● TASK TO COMPLETE
Print the listing exactly as it stands, and skip any pictures in it.

● EXTRACTED INFORMATION
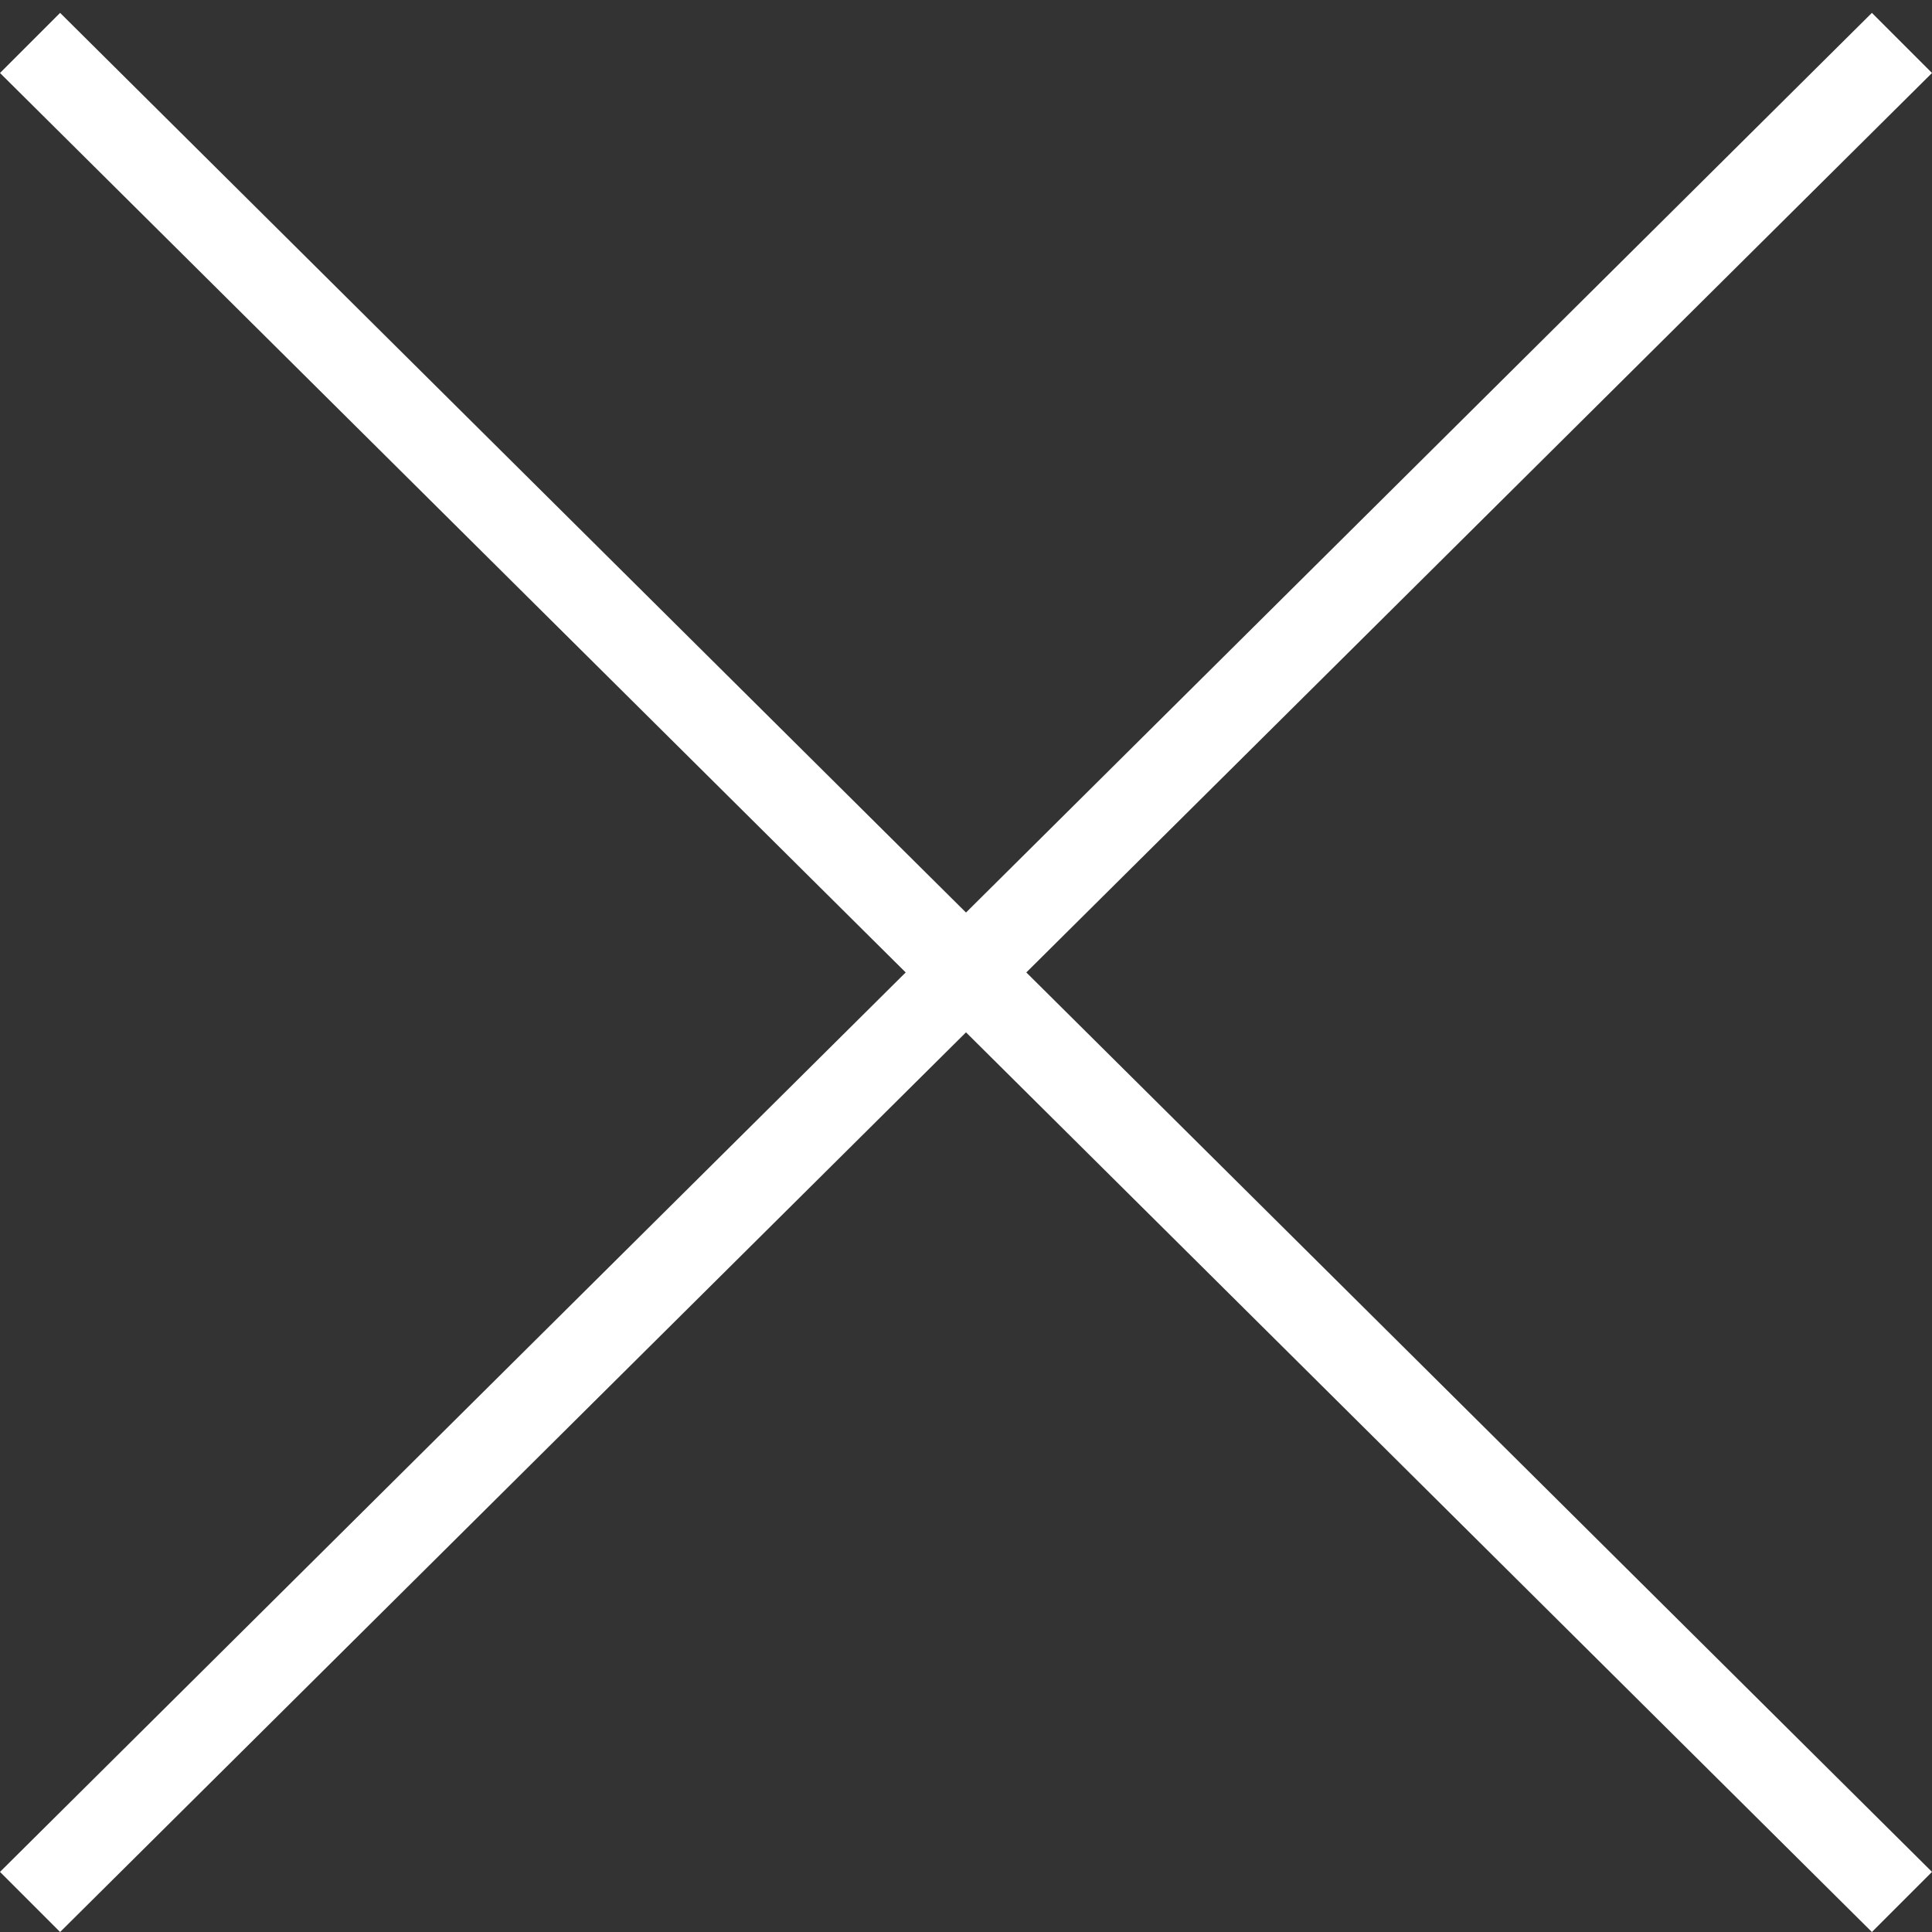 <?xml version="1.0" encoding="utf-8"?>
<!-- Generator: Adobe Illustrator 27.0.1, SVG Export Plug-In . SVG Version: 6.00 Build 0)  -->
<svg version="1.1" id="Layer_1" xmlns="http://www.w3.org/2000/svg" xmlns:xlink="http://www.w3.org/1999/xlink" x="0px" y="0px"
	 viewBox="0 0 45 45" style="enable-background:new 0 0 45 45;" xml:space="preserve">
<rect x="0" y="0" width="45" height="45" fill="#333333" stroke="none"/>
<style type="text/css">
	.st0{fill:#FFFFFF;}
</style>
<g id="Homepage">
	<g id="_x30_4-NESTED-Contact-PopUp" transform="translate(-1377, -18)">
		<g id="Group-3" transform="translate(1378, 19)">
			<g id="Path-11">
				<polygon class="st0" points="42.6,44 -1,0.7 0.4,-0.7 44,42.6 				"/>
			</g>
			<g id="Path-11_00000132781805060828429570000002964173498249689513_">
				<polygon class="st0" points="0.4,44 -1,42.6 42.6,-0.7 44,0.7 				"/>
			</g>
		</g>
	</g>
</g>
</svg>

● EXERCISE OUTPUT
 <?xml version="1.0" encoding="utf-8"?>
<!-- Generator: Adobe Illustrator 27.0.1, SVG Export Plug-In . SVG Version: 6.00 Build 0)  -->
<svg version="1.1" id="Layer_1" xmlns="http://www.w3.org/2000/svg" xmlns:xlink="http://www.w3.org/1999/xlink" x="0px" y="0px"
	 viewBox="0 0 45 45" style="enable-background:new 0 0 45 45;" xml:space="preserve">
<rect x="0" y="0" width="45" height="45" fill="#333333" stroke="none"/>
<style type="text/css">
	.st0{fill:#FFFFFF;}
</style>
<g id="Homepage">
	<g id="_x30_4-NESTED-Contact-PopUp" transform="translate(-1377, -18)">
		<g id="Group-3" transform="translate(1378, 19)">
			<g id="Path-11">
				<polygon class="st0" points="42.6,44 -1,0.7 0.4,-0.7 44,42.6 				"/>
			</g>
			<g id="Path-11_00000132781805060828429570000002964173498249689513_">
				<polygon class="st0" points="0.4,44 -1,42.6 42.6,-0.7 44,0.7 				"/>
			</g>
		</g>
	</g>
</g>
</svg>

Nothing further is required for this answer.